Checked basic/rt-multi-1/report.txt
- these look like the storing too many digits mentioned above...
FAILURE
Diff for ff.0:
8,16c8,16
< 6 726.794919 0.000000
< 7 726.794919 0.000000
< 8 726.794919 0.000000
< 9 726.794919 0.000000
< 10 726.794919 0.000000
< 11 726.794919 0.000000
< 12 726.794919 0.000000
< 13 726.794919 0.000000
< 14 726.794919 0.000000
---
> 6 726.794919 0.000000
> 7 726.794919 0.000000
> 8 726.794919 0.000000
> 9 726.794919 0.000000
> 10 726.794919 0.000000
> 11 726.794919 0.000000
> 12 726.794919 0.000000
> 13 726.794919 0.000000
> 14 726.794919 0.000000
The other tests are either single decimal differences or appear the same as the above.

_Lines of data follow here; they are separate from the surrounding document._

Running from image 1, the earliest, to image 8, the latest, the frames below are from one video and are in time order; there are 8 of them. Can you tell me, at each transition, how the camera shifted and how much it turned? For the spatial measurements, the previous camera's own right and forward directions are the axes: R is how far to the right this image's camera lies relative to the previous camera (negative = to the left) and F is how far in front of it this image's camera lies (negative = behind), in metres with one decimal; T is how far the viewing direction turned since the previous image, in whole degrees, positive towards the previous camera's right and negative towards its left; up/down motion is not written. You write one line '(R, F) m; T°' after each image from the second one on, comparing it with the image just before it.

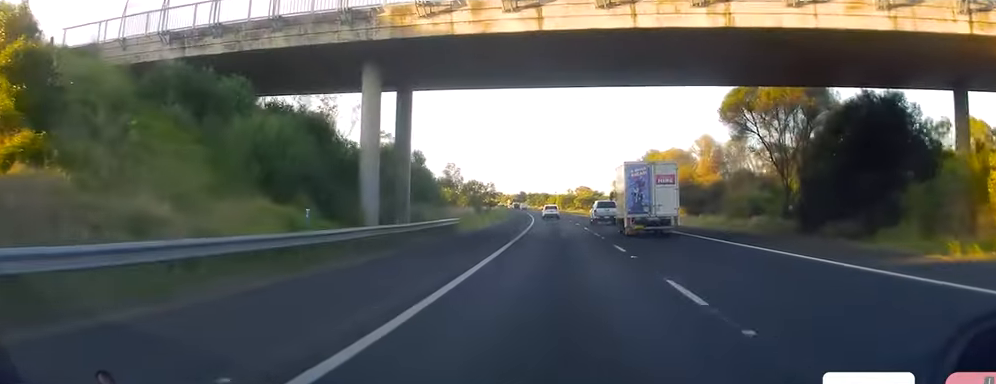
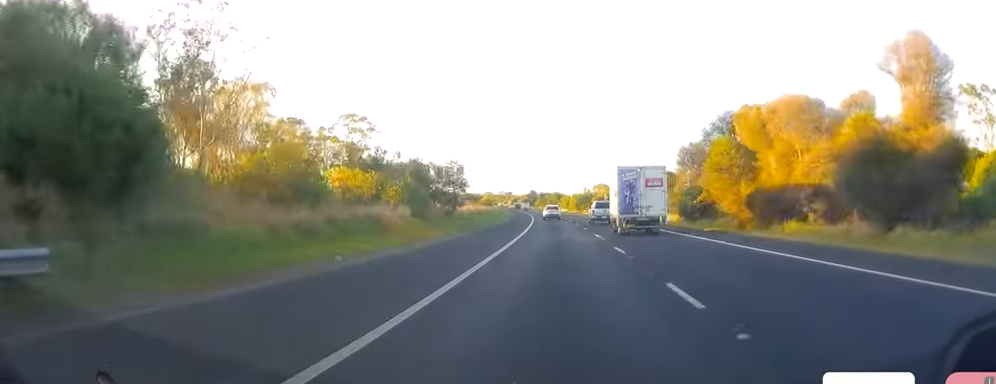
(-0.9, +35.9) m; -1°
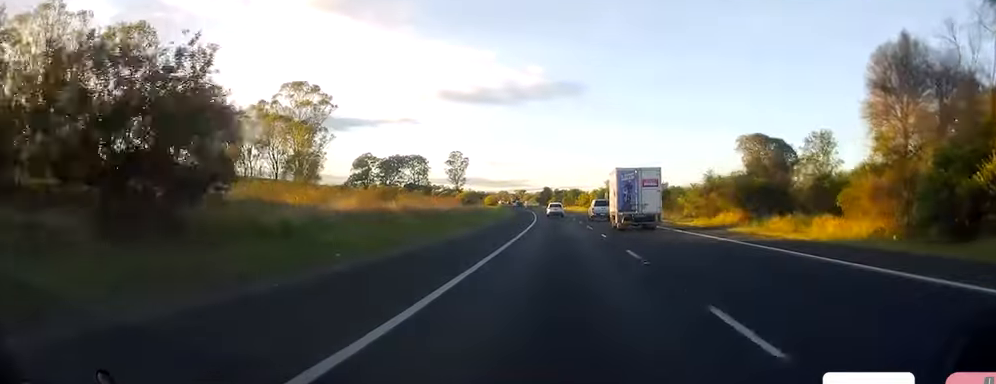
(+0.2, +38.8) m; -1°
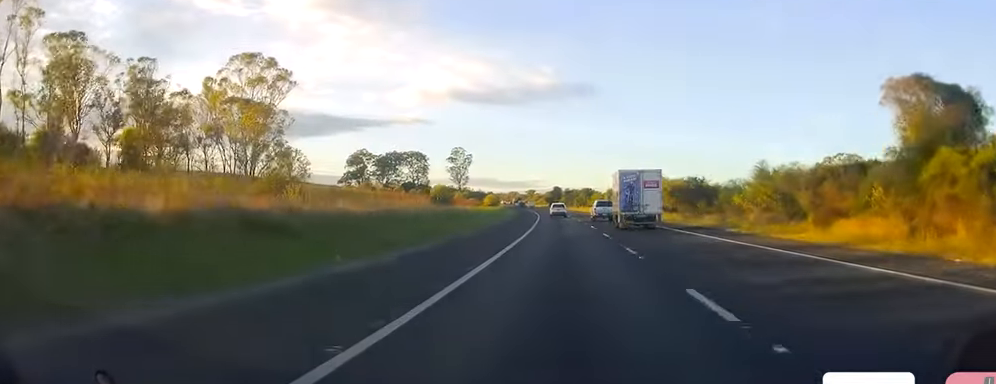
(-0.4, +21.7) m; -1°
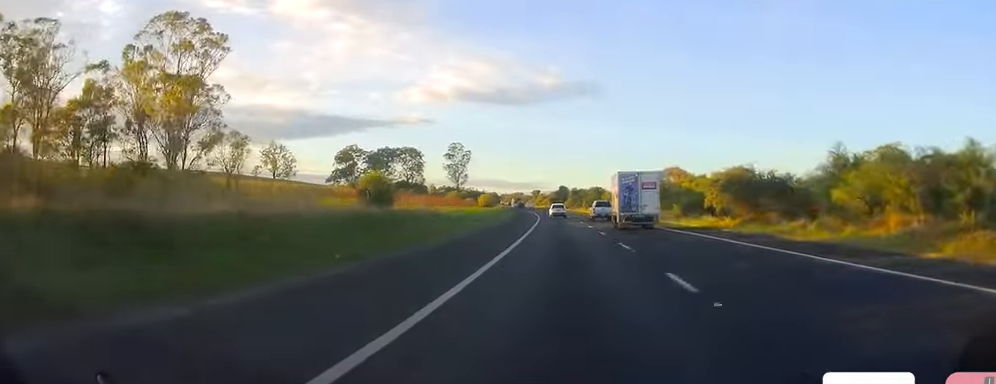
(0.0, +20.8) m; 0°
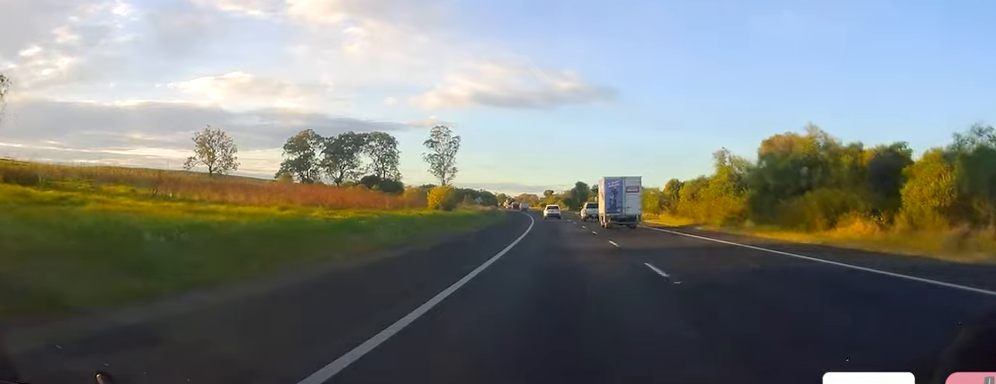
(-1.8, +56.6) m; -4°
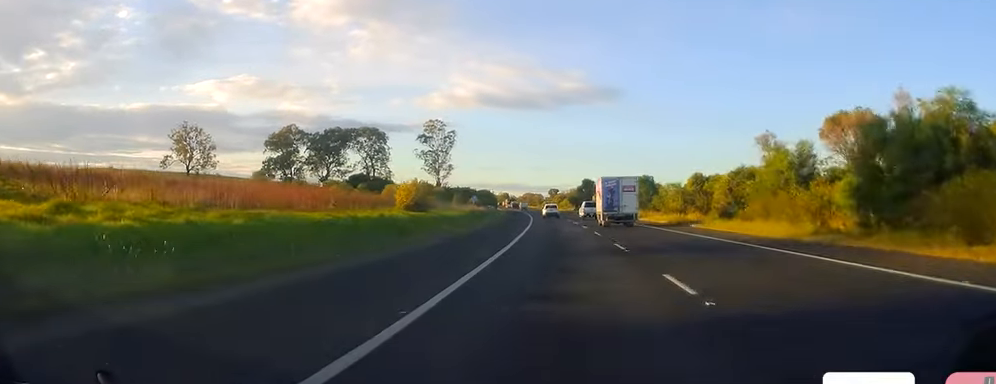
(0.0, +15.1) m; 0°
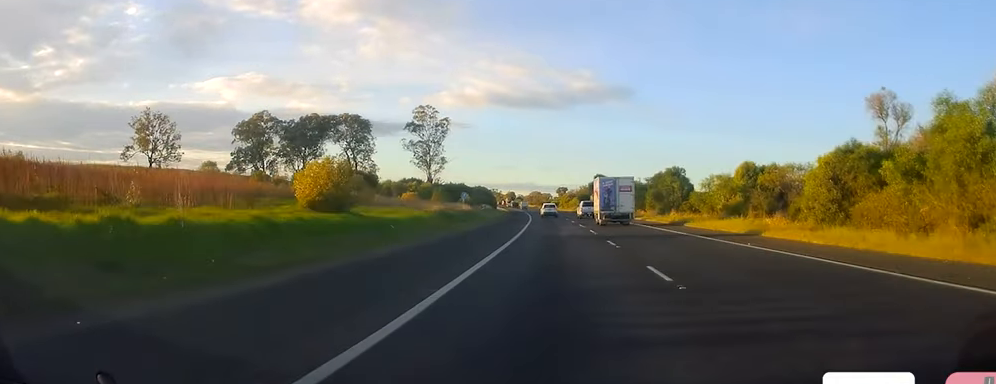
(+0.1, +21.7) m; 0°
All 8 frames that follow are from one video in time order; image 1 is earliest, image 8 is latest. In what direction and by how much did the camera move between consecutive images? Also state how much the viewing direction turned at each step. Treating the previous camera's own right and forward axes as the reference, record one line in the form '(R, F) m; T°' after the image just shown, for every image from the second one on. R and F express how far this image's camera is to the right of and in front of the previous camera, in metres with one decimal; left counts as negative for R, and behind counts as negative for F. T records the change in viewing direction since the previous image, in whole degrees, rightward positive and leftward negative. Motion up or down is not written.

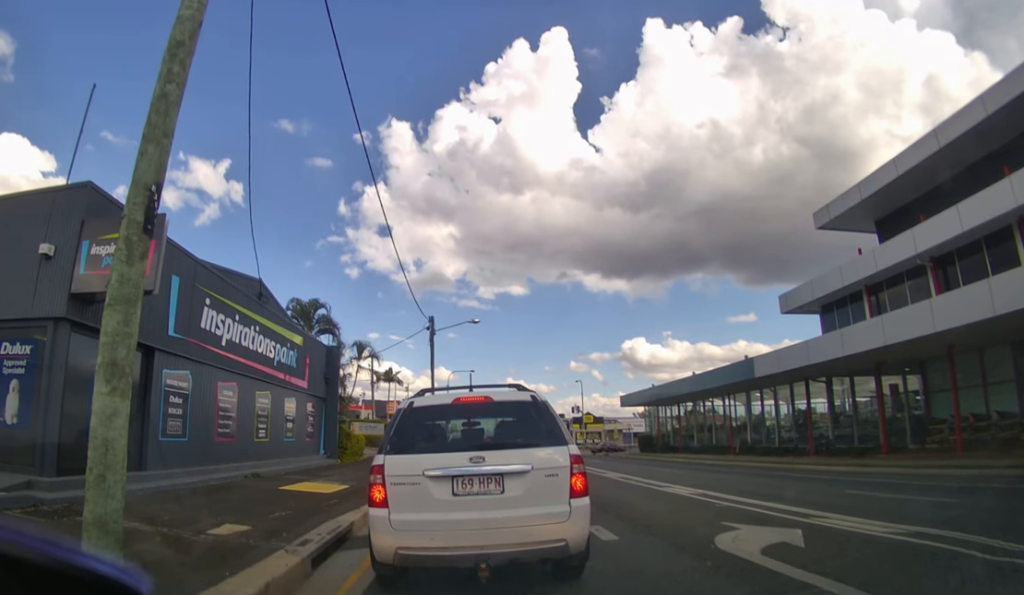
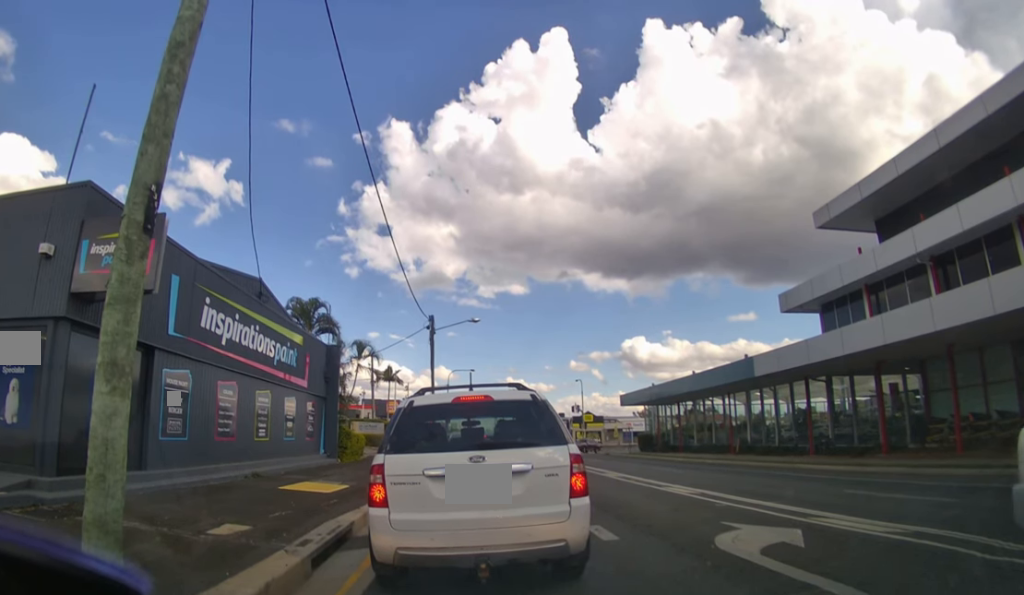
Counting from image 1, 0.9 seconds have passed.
(0.0, 0.0) m; 0°
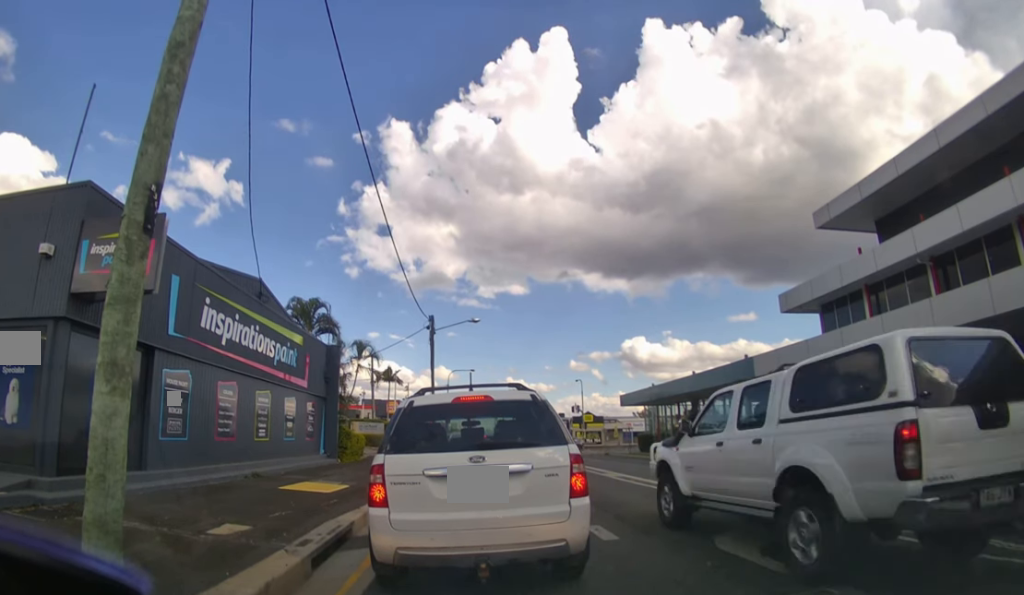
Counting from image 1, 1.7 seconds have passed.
(0.0, 0.0) m; 0°
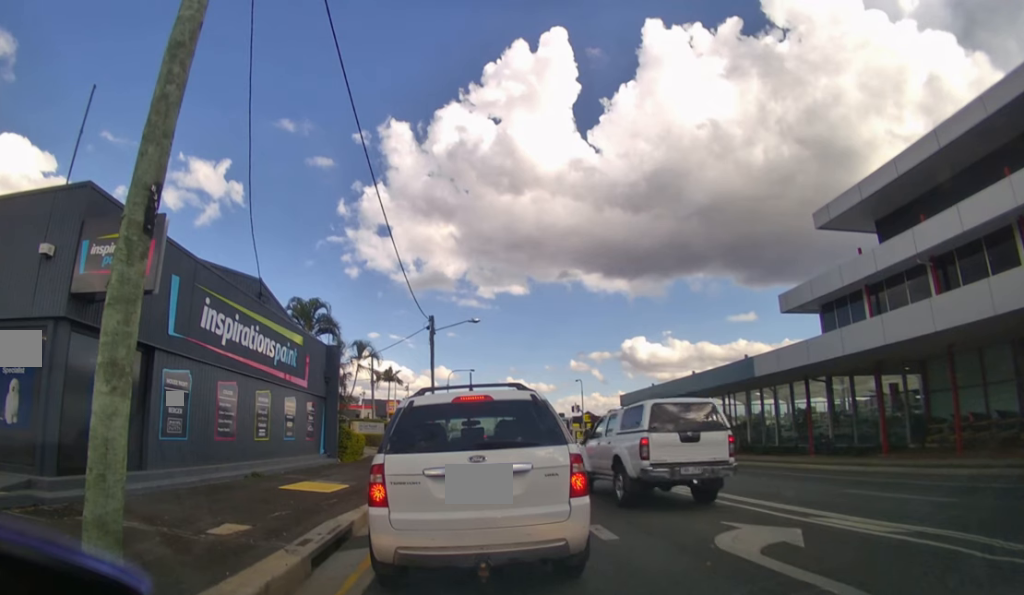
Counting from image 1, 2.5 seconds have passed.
(0.0, 0.0) m; 0°
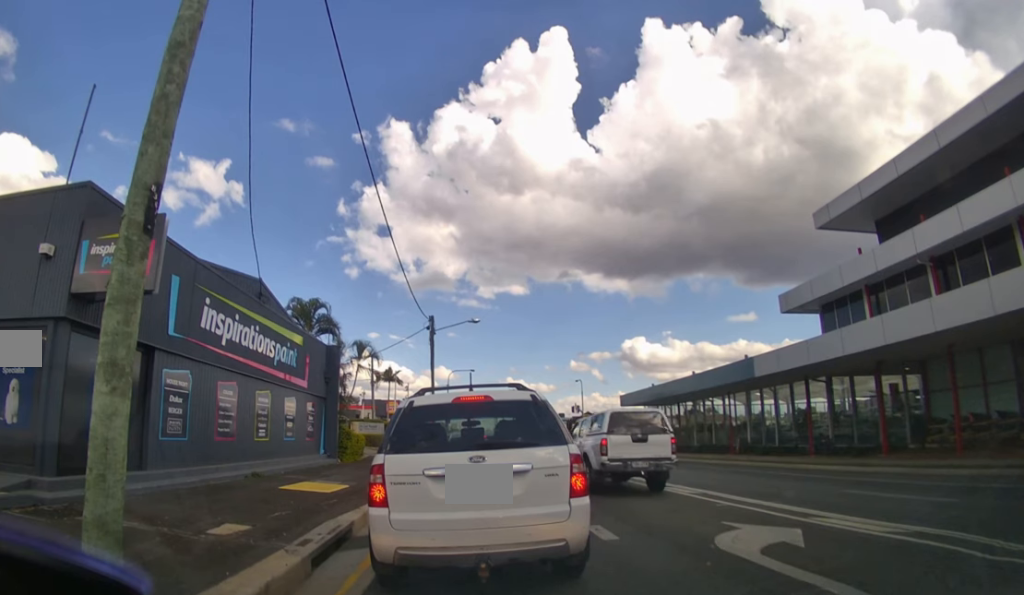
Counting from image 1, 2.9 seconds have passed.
(0.0, 0.0) m; 0°
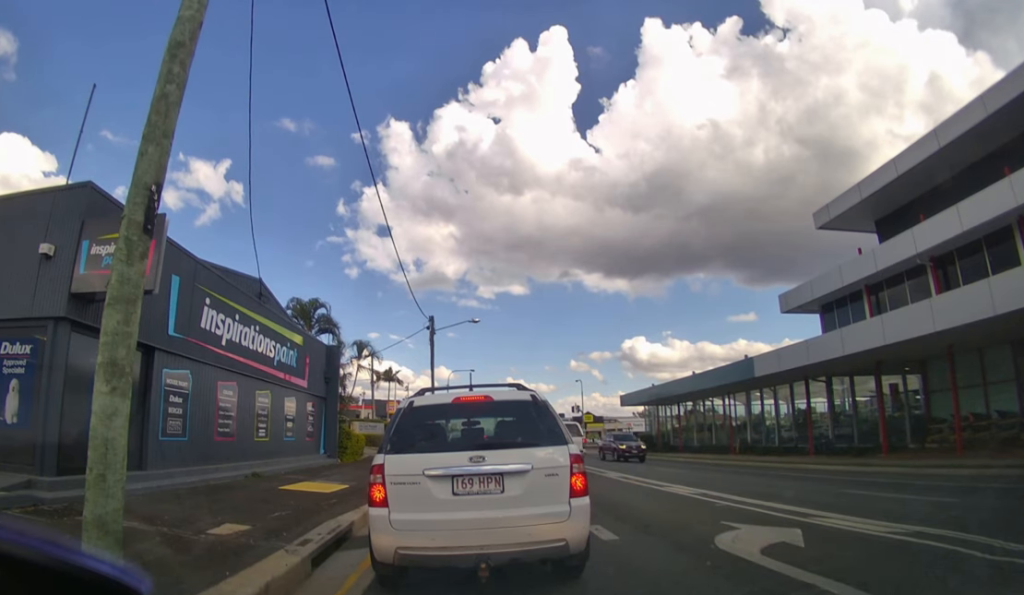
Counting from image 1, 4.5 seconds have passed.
(0.0, 0.0) m; 0°
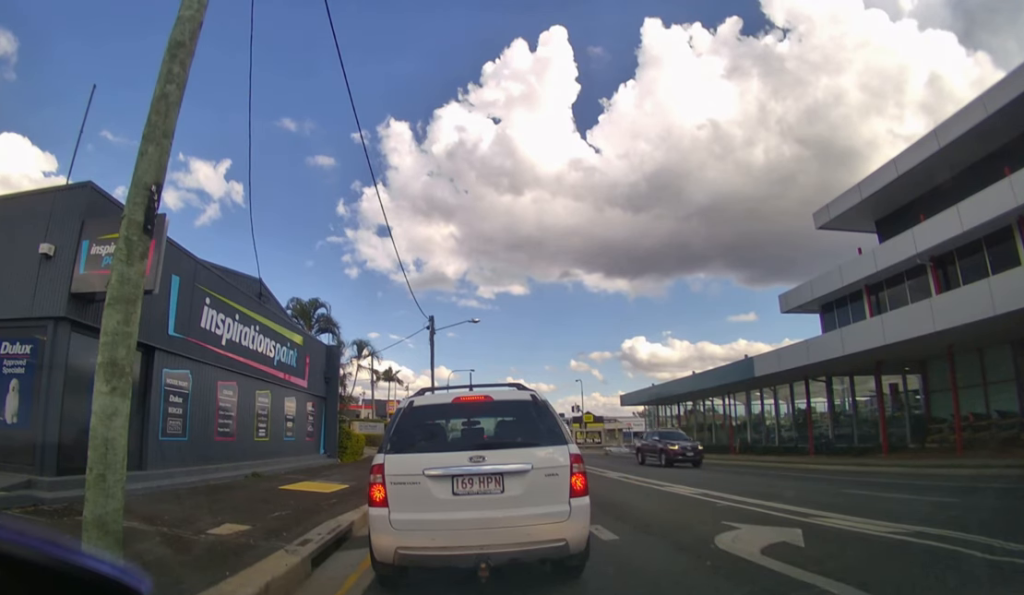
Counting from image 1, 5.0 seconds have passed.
(0.0, 0.0) m; 0°
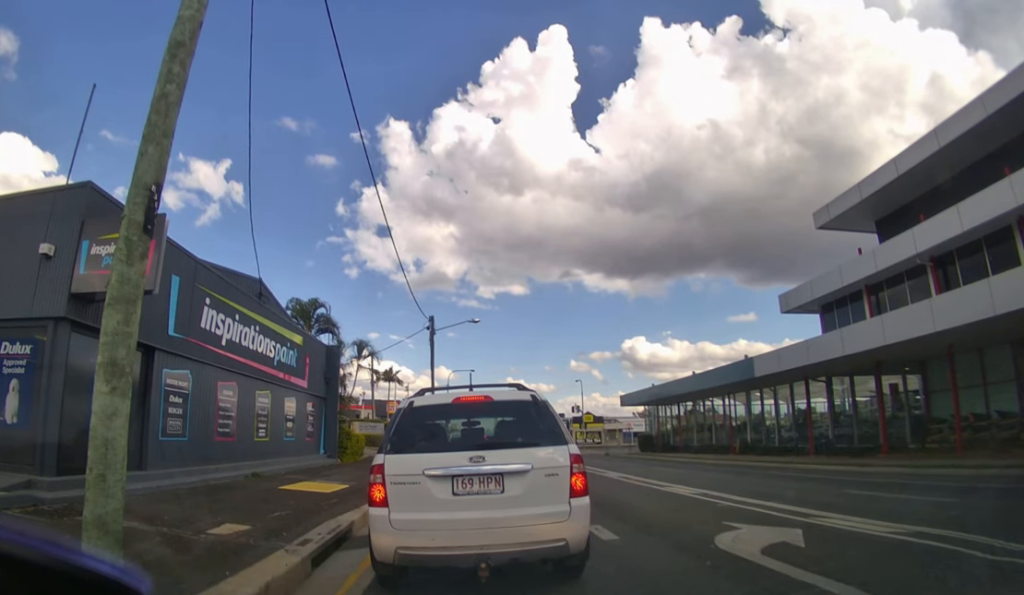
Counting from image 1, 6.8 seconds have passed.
(0.0, 0.0) m; 0°

isdb/rt-jcouplings-mi/report.txt
has a sign flip.
Diff for force.new:
473c473
< 0.012000 66 0.0018309683
---
> 0.012000 66 0.0018309682
476c476
< 0.012000 69 -0.0018309683
---
> 0.012000 69 -0.0018309682
fp-model strict
: only one error left.
+ ERROR in test isdb/rt-emmi/
+ check file isdb/rt-emmi/report.txt for more information
+++++++++++++++++++++++++++++++++++++++++++++++++++++
+ Final report:
+ 279 tests performed, 128 tests not applicable
+ 1 errors found
all are last digit until it ends with
1813,1815c1813,1815
< 0.000000 1811 374.7142 374.7253
< 0.000000 1812 433.4478 433.4106
< 0.000000 1813 1873.6269 1873.5840
---
> 0.000000 1811 374.7142 374.7192
> 0.000000 1812 433.4478 433.3984
> 0.000000 1813 1873.6269 1873.5901
plumed 2.4.1 installs:
Tell you what, the results are consistent across machines, even from the old Legion node.
When it comes to GROMACS, 2018.1 was released March 21 and there isn't a patch for it in a release of PLUMED yet (there is in github master, alongside the patch for 2016.5).
It may make sense to wait until after Easter for this one, and either patch 2018.1 or if there is no new plumed release, then patch 2016.4.
No new plumed, so building gromacs 2016.4 patched with plumed 2.4.1 (containing hrex).
module unload compilers mpi
module load compilers/intel/2017/update4
module load mpi/intel/2017/update3/intel
module load libmatheval
module load flex
module load openblas/0.2.14/intel-2015-update2
module load plumed/2.4.1/intel-2017-update4
module load gromacs/2016.4/plumed/intel-2017
Running gmx_mpi_d mdrun -h
shows at the bottom:
Other options:
-deffnm <string>
Set the default filename for all file options
...
-[no]hrex (no)
Enable hamiltonian replica exchange
Informed IN:02912232 and 02766079.
A user has requested an install of the new version of PLUMED (2.4.0) and a new version of GROMACS (2016.4) on Legion, Grace, Thomas.